A Reforma Trabalhista de 2017 modificou a base da CLT de 1943, que, como vimos nos processos trabalhistas e nas manchetes dos jornais, essa legislação do trabalho, em vários momentos tida como presente de Getúlio Vargas aos trabalhadores brasileiros, se constituía quase que inquestionável aos olhos dos trabalhadores brasileiros, como sendo um dos maiores bens do operariado, por garantir a estes, mesmo que numa relação desigual e capitaneada por

um Estado capitalista, seus direitos. Dessa forma, se a Justiça do Trabalho fazia parte de um projeto político voltado para a desmobilização da classe trabalhadora, diminuindo consideravelmente as possibilidades de uma superação desse modelo, foi também uma instituição na qual os trabalhadores sentiam-se representados por “garantir” a execução das leis do trabalho, leis amplamente reivindicadas nos primeiros anos do século XX.

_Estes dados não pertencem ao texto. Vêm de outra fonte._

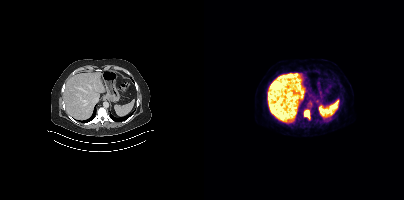
Coordinates are on the 200×200 PET (right) panel. PSMA-avid tumor lesion bounding box (x, y, width, height): x=100 y=110 w=7 h=10.
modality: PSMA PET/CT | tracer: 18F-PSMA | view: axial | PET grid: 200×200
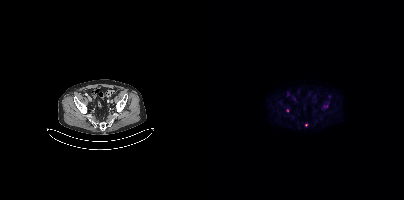
Coordinates are on the 200×200 PET (right) panel. (showing 1 of 3 foci) Small PSMA-avid focus (2 to 4 px across) near (center x, center y): (102, 125).
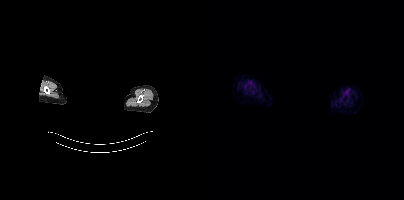
- a rectangle over the head was blacked out to remove identifiable facial features
- Paired axial CT (left) and PSMA PET (right), [18F]PSMA-1007 tracer
- acquired on Siemens Biograph mCT Flow 20
- PET panel 200×200 px (4.1 mm/px)
Findings: No tumor lesions annotated on this slice.
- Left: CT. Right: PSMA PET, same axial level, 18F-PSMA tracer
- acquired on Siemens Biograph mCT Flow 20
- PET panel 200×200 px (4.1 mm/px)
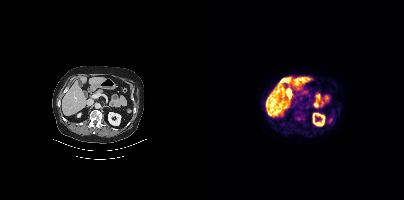
Findings: No tumor lesions annotated on this slice.

A relevância da Justiça do Trabalho no cotidiano dos trabalhadores brasileiros continua forte, se durante o Estado Novo essa justiça tomou grandes proporções, os mais de 70 anos que nos separam daquele período mostram-nos que a Justiça do Trabalho (vinculada ao judiciário em 1946) é buscada pelo operariado nacional com uma freqüência crescente, ainda mais depois da Contrarreforma Trabalhista de 2017 que desamparou milhões de trabalhadores.

Dessa forma, concluímos que a partir da pesquisa documental nos processos da Junta de Conciliação e Julgamento de João Pessoa (TRT-13), dos jornais, privados e do Estado, dos documentos do Governo do Estado e da documentação produzida pelo Ministério do Trabalho, que a relação do operariado paraibano com o Estado era marcada por intensa luta de classes. A Justiça do Trabalho, nesse sentido, estava inserida no contexto capitalista de dominação de classe, tendo o Estado como instrumentalizador dessa relação que buscava a dominação do operariado frente a perpetuação dos privilégios de uma burguesia industrial crescente. Contudo, esse espaço de luta também foi usado pelos trabalhadores como fonte de obtenção de direitos, entendendo que, para o contexto de ditadura vigente naqueles anos, a possibilidade de requerer direitos trabalhistas, via Justiça do Trabalho, se configurava enquanto um campo aberto a conquistas trabalhistas do operário paraibano.

Dessa maneira, entendemos que a dominação exercida pelo Estado e pela burguesia industrial associada às formas de resistência e de consciência de classe dos trabalhadores, insere-se no amplo campo de estudos de base marxista, voltada para a história social do trabalho com o diálogo entre as teorias do trabalhismo e do populismo na historiografia nacional. Assim, este estudo pretendeu contribuir para a historiografia de base materialista histórica que tem no operariado um dos sujeitos históricos de suas análises, e mais ainda, que procura entender a relação dos trabalhadores, do Estado, do Capitalismo e do Direito enquanto intrinsecamente concatenados. Dessa forma, autores dessa tradição - E. P. Thompson, Eviguiéne Pachukanis, Bernard Edelman, Antonio Gramsci, Friedrich Engels, Karl Kautsky, Karl Marx, Alysson Mascaro - contribuíram para entendermos as ligações entre essas relações, possibilitando a contínua produção acadêmica acerca da história dos

trabalhadores e de instituições como a Justiça do Trabalho, que produzem bases sólidas para o entendimento dessa dinâmica sempre em transformação.